Exercise instructions » Line by line, retype the material exactly and leave each picture out.

• • • • •

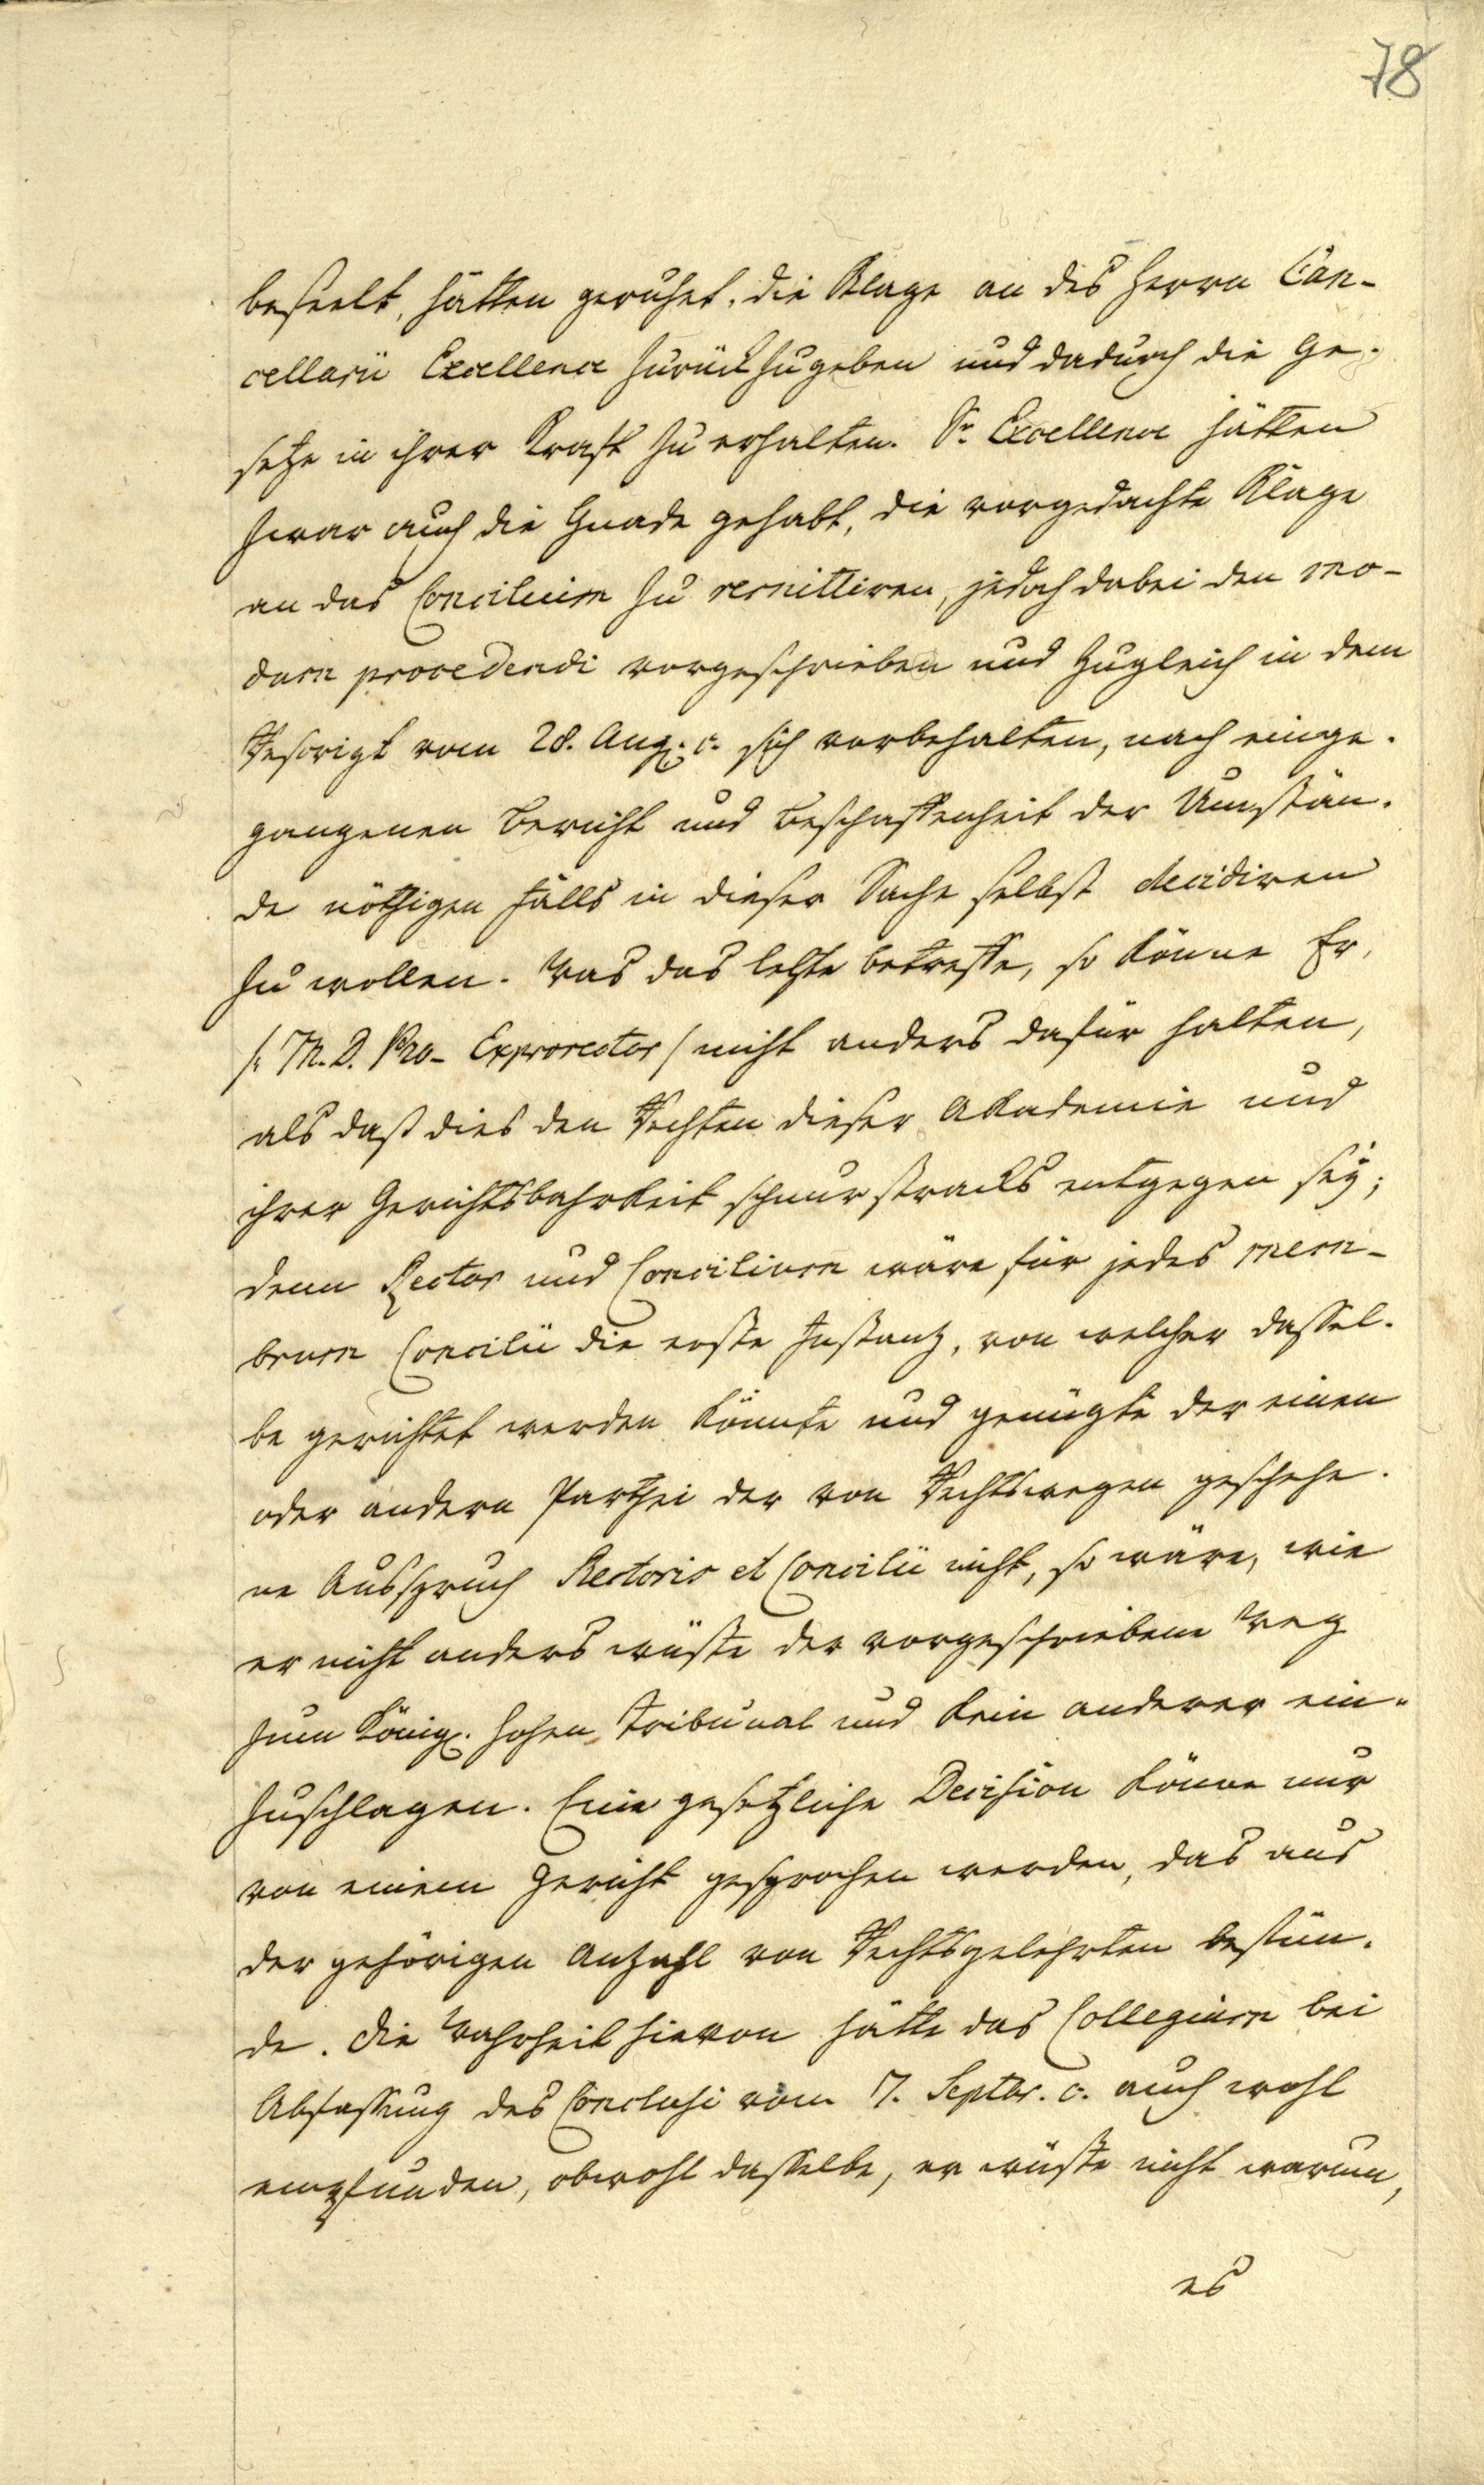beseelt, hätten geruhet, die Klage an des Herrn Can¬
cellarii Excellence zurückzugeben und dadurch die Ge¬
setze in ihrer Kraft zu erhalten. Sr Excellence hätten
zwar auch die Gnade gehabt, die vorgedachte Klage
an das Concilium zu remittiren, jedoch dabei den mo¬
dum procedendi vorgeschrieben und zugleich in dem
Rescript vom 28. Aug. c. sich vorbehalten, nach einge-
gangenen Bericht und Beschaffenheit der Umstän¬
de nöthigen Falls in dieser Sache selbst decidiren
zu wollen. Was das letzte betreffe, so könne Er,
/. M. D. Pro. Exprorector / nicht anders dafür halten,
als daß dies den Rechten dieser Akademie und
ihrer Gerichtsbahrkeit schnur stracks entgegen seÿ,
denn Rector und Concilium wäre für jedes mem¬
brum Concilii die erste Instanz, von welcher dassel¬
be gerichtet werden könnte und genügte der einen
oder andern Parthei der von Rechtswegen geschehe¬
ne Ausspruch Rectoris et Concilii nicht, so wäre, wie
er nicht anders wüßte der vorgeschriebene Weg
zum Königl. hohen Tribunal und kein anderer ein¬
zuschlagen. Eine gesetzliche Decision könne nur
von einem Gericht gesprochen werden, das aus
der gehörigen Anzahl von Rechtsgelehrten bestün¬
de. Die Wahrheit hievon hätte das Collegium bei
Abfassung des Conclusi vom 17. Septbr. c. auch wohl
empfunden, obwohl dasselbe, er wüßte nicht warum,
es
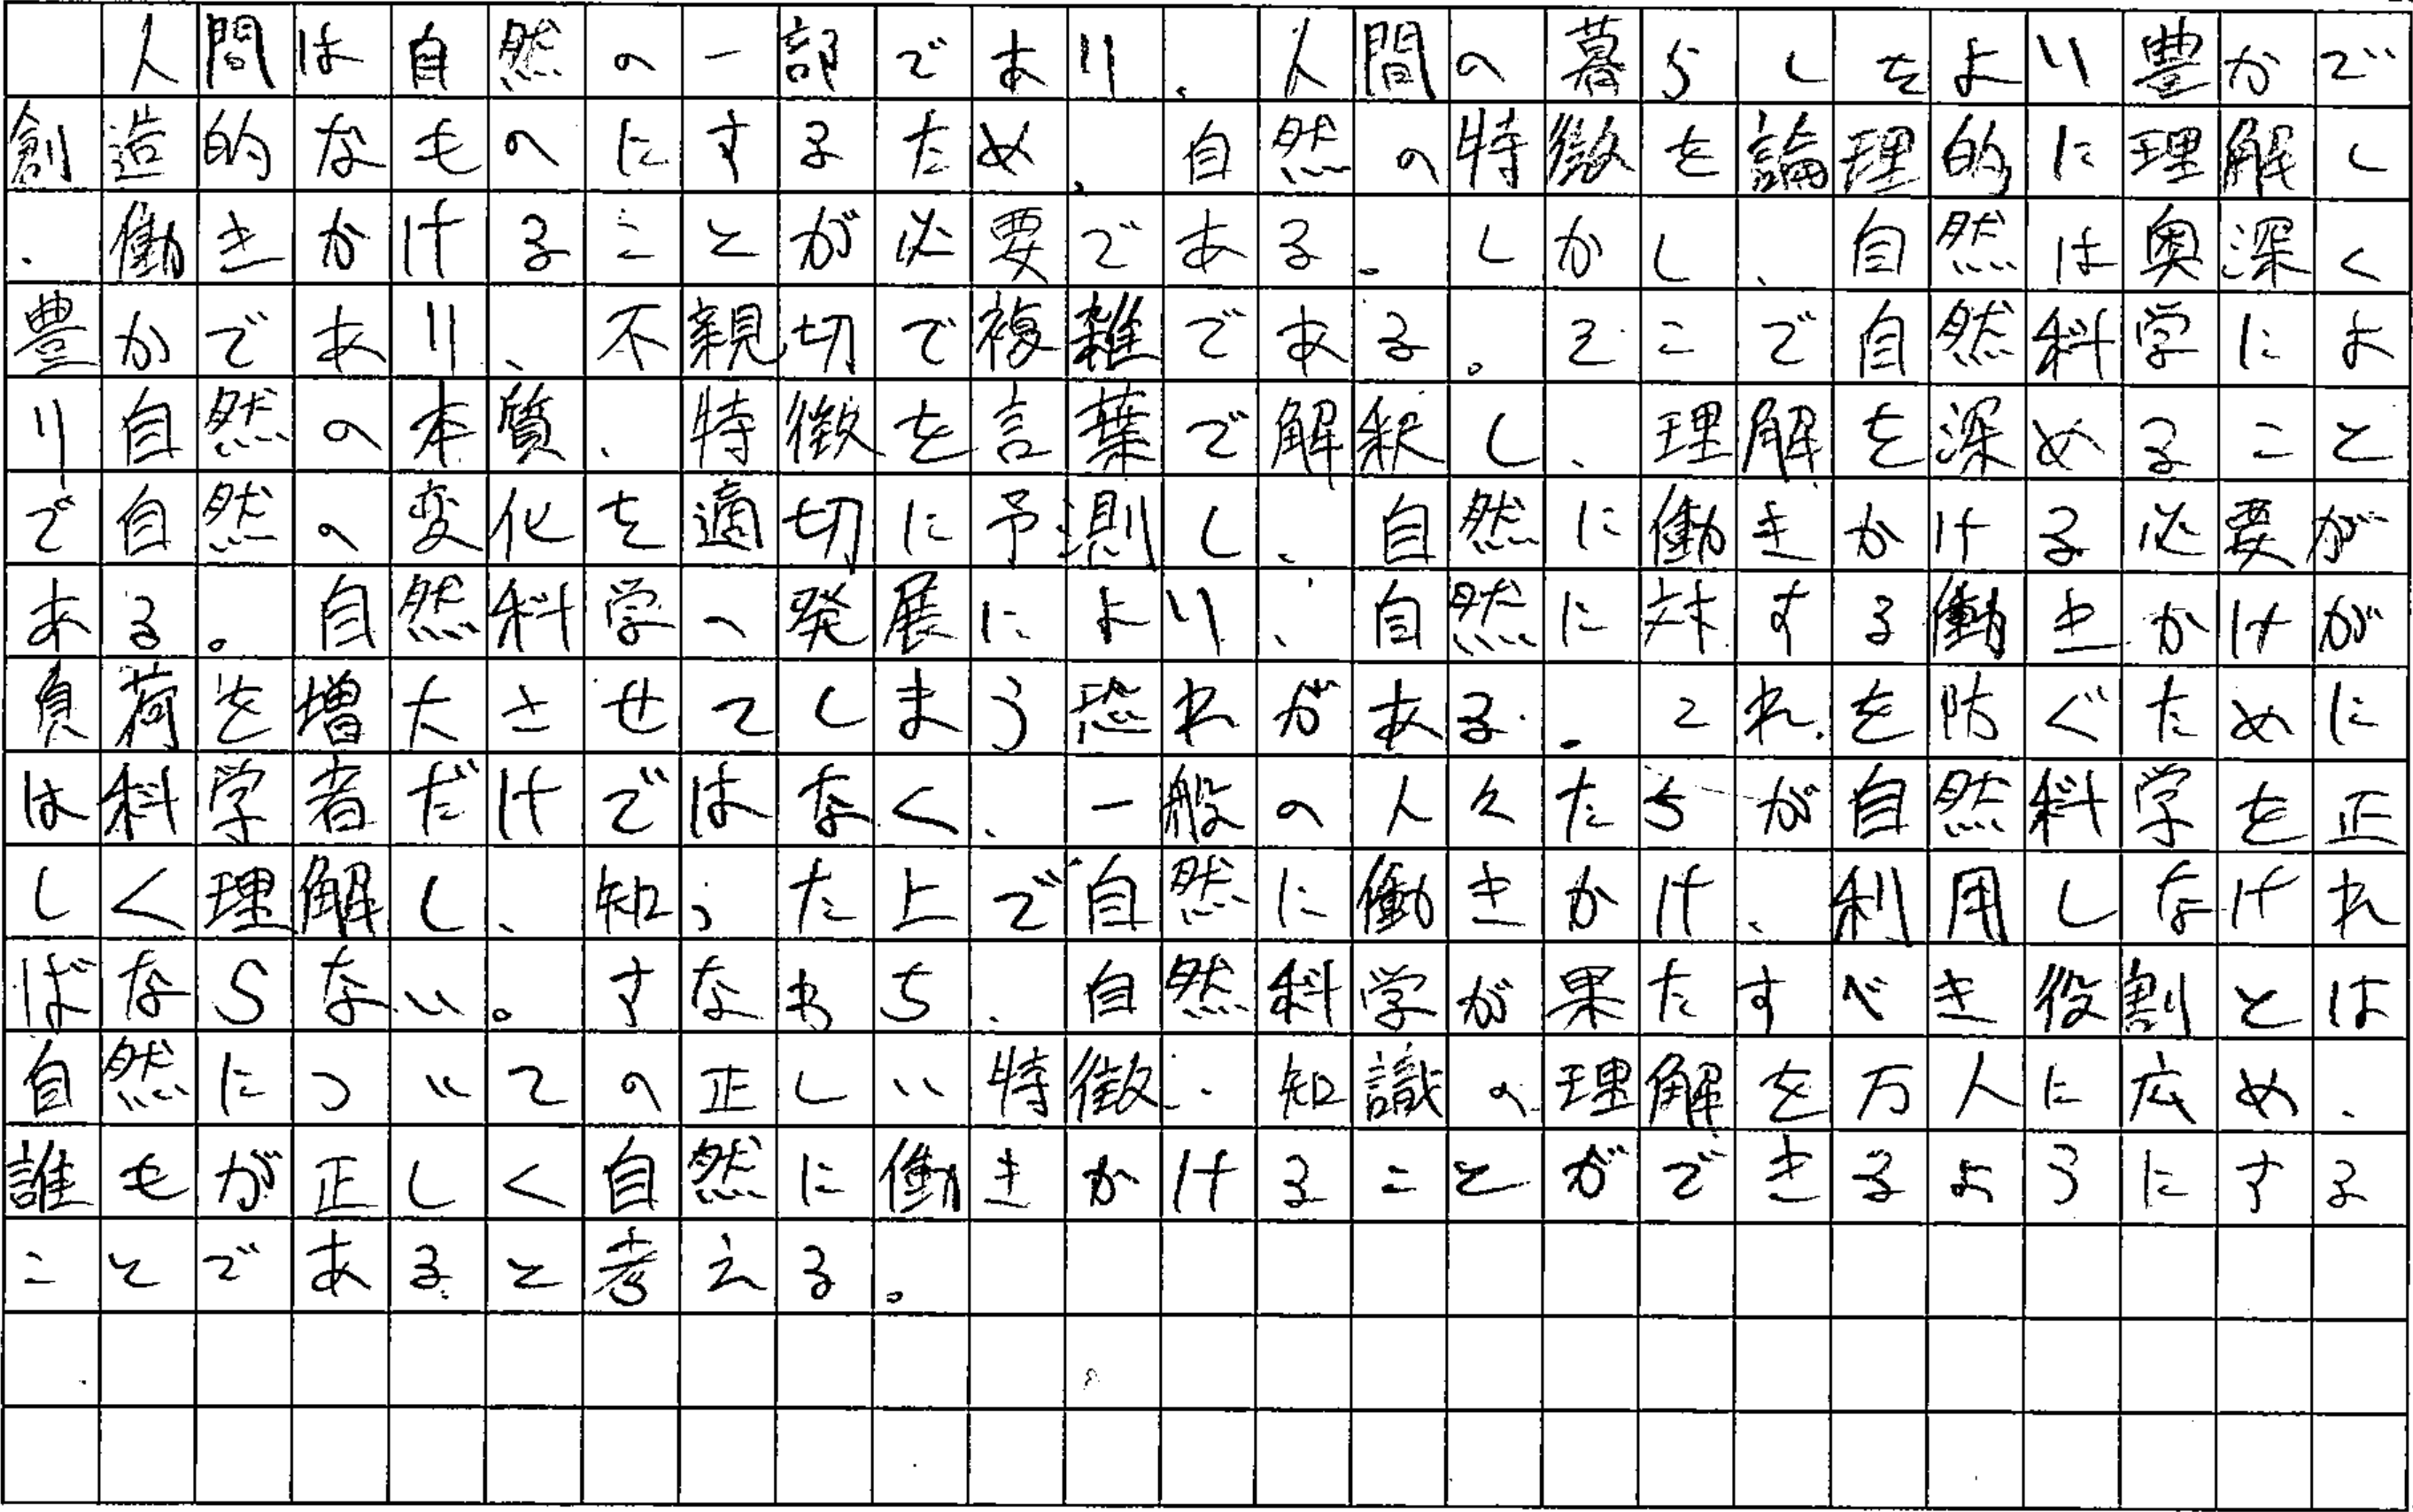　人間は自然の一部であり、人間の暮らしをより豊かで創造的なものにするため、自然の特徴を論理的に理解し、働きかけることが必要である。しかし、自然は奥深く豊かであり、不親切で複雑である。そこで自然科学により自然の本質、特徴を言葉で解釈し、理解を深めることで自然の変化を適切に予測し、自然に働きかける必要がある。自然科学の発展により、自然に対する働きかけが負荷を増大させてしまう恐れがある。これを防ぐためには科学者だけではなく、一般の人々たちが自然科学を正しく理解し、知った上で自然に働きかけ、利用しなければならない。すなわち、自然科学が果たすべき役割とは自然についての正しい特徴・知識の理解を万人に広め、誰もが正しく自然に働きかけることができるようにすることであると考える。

• • • • •

Your solution »
beseelt, hätten geruhet, die Klage an des Herrn Can¬
cellarii Excellence zurückzugeben und dadurch die Ge¬
setze in ihrer Kraft zu erhalten. Sr Excellence hätten
zwar auch die Gnade gehabt, die vorgedachte Klage
an das Concilium zu remittiren, jedoch dabei den mo¬
dum procedendi vorgeschrieben und zugleich in dem
Rescript vom 28. Aug. c. sich vorbehalten, nach einge-
gangenen Bericht und Beschaffenheit der Umstän¬
de nöthigen Falls in dieser Sache selbst decidiren
zu wollen. Was das letzte betreffe, so könne Er,
/. M. D. Pro. Exprorector / nicht anders dafür halten,
als daß dies den Rechten dieser Akademie und
ihrer Gerichtsbahrkeit schnur stracks entgegen seÿ,
denn Rector und Concilium wäre für jedes mem¬
brum Concilii die erste Instanz, von welcher dassel¬
be gerichtet werden könnte und genügte der einen
oder andern Parthei der von Rechtswegen geschehe¬
ne Ausspruch Rectoris et Concilii nicht, so wäre, wie
er nicht anders wüßte der vorgeschriebene Weg
zum Königl. hohen Tribunal und kein anderer ein¬
zuschlagen. Eine gesetzliche Decision könne nur
von einem Gericht gesprochen werden, das aus
der gehörigen Anzahl von Rechtsgelehrten bestün¬
de. Die Wahrheit hievon hätte das Collegium bei
Abfassung des Conclusi vom 17. Septbr. c. auch wohl
empfunden, obwohl dasselbe, er wüßte nicht warum,
es
　人間は自然の一部であり、人間の暮らしをより豊かで創造的なものにするため、自然の特徴を論理的に理解し、働きかけることが必要である。しかし、自然は奥深く豊かであり、不親切で複雑である。そこで自然科学により自然の本質、特徴を言葉で解釈し、理解を深めることで自然の変化を適切に予測し、自然に働きかける必要がある。自然科学の発展により、自然に対する働きかけが負荷を増大させてしまう恐れがある。これを防ぐためには科学者だけではなく、一般の人々たちが自然科学を正しく理解し、知った上で自然に働きかけ、利用しなければならない。すなわち、自然科学が果たすべき役割とは自然についての正しい特徴・知識の理解を万人に広め、誰もが正しく自然に働きかけることができるようにすることであると考える。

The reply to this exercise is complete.